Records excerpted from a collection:
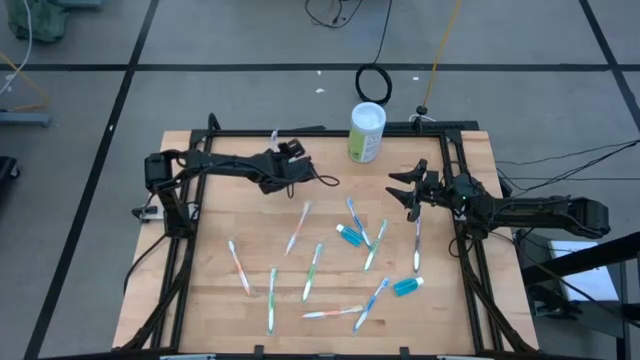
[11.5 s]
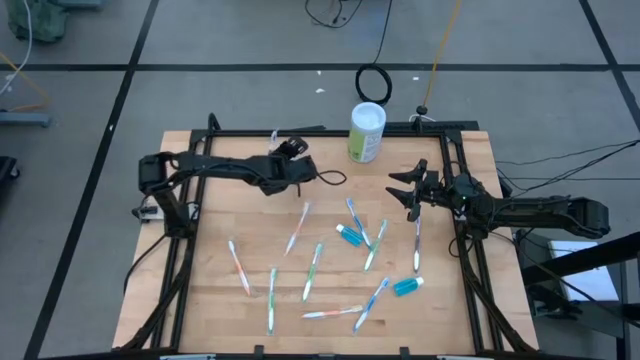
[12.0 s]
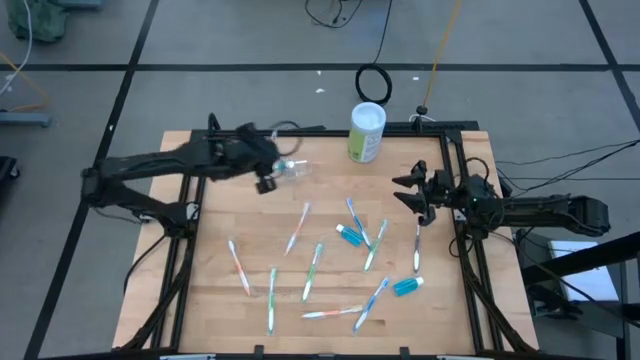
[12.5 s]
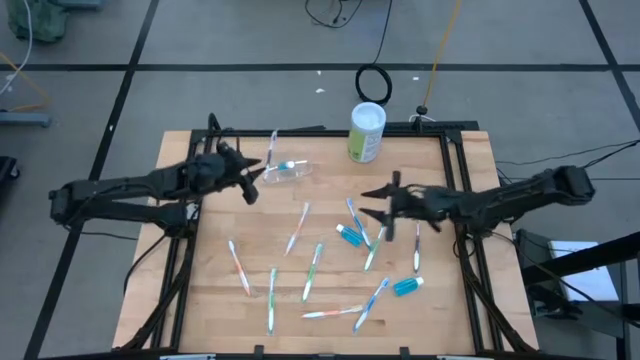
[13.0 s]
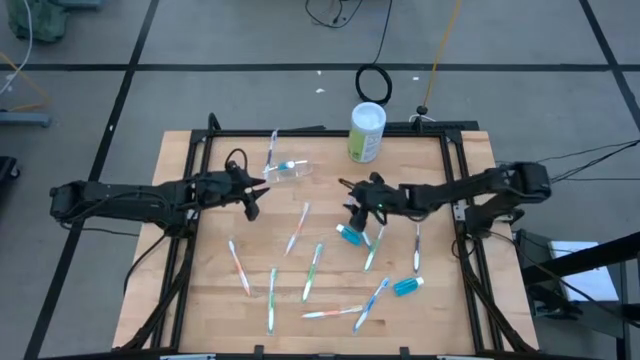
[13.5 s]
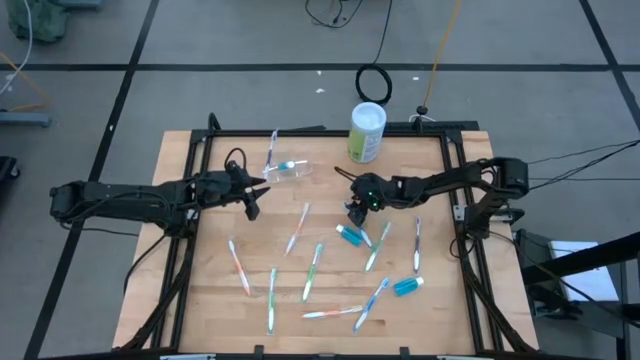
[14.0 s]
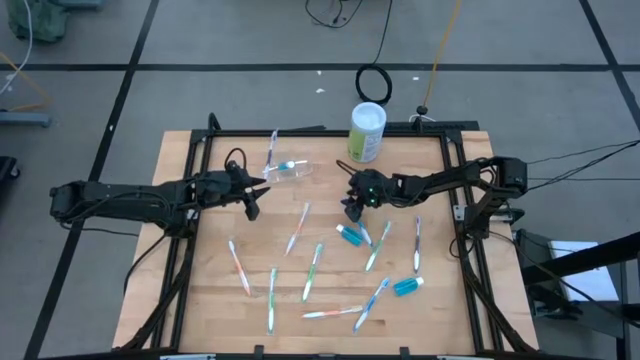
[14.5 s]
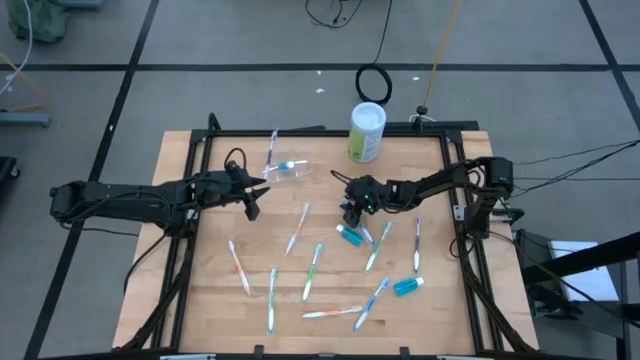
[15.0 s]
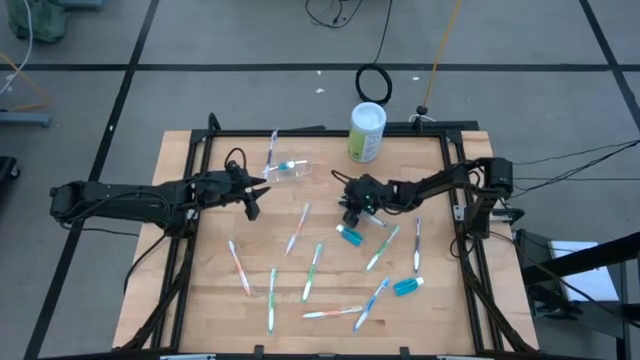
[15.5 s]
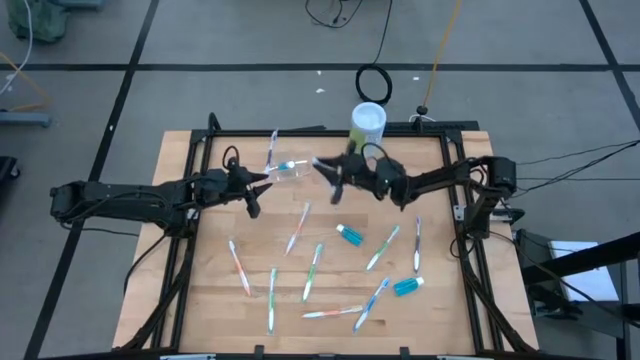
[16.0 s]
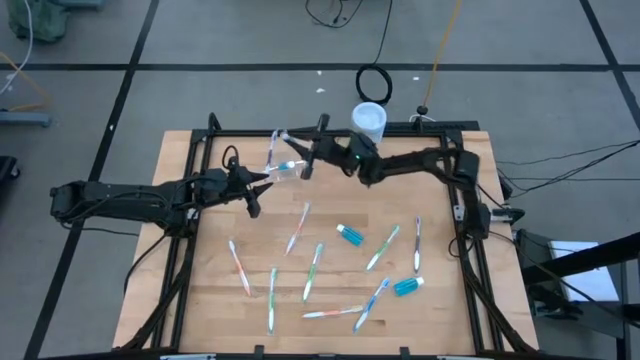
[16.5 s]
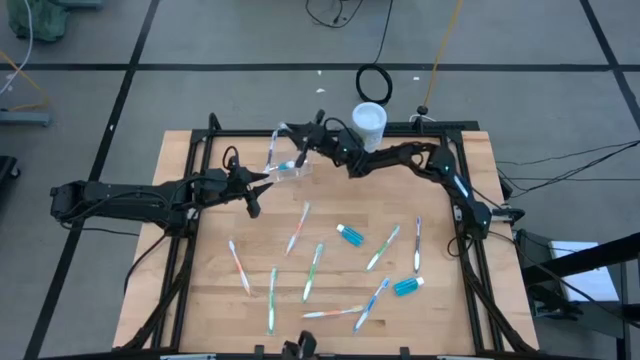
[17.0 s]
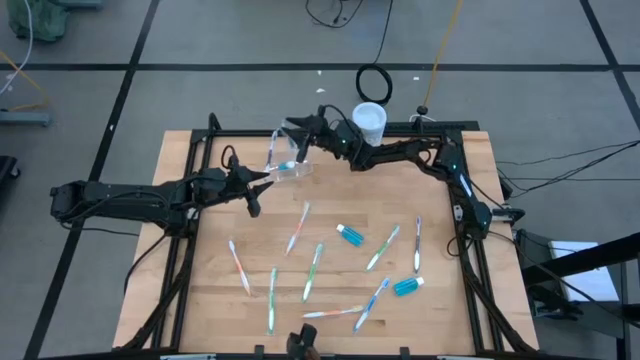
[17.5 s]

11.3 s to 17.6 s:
Task: Pick & Place toothbrushing station
Put the top blue toothbrush into the transparent organizer

■ EXERCISE BRIEF
All entries should be given again exactly, except that pictures are to be excluded.

■ RESPONSE AREA
[11.5 s]
[12.0 s]
[12.5 s]
[13.0 s]
[13.5 s]
[14.0 s]
[14.5 s]
[15.0 s]
[15.5 s]
[16.0 s]
[16.5 s]
[17.0 s]
[17.5 s]

11.3 s to 17.6 s:
Task: Pick & Place toothbrushing station
Put the top blue toothbrush into the transparent organizer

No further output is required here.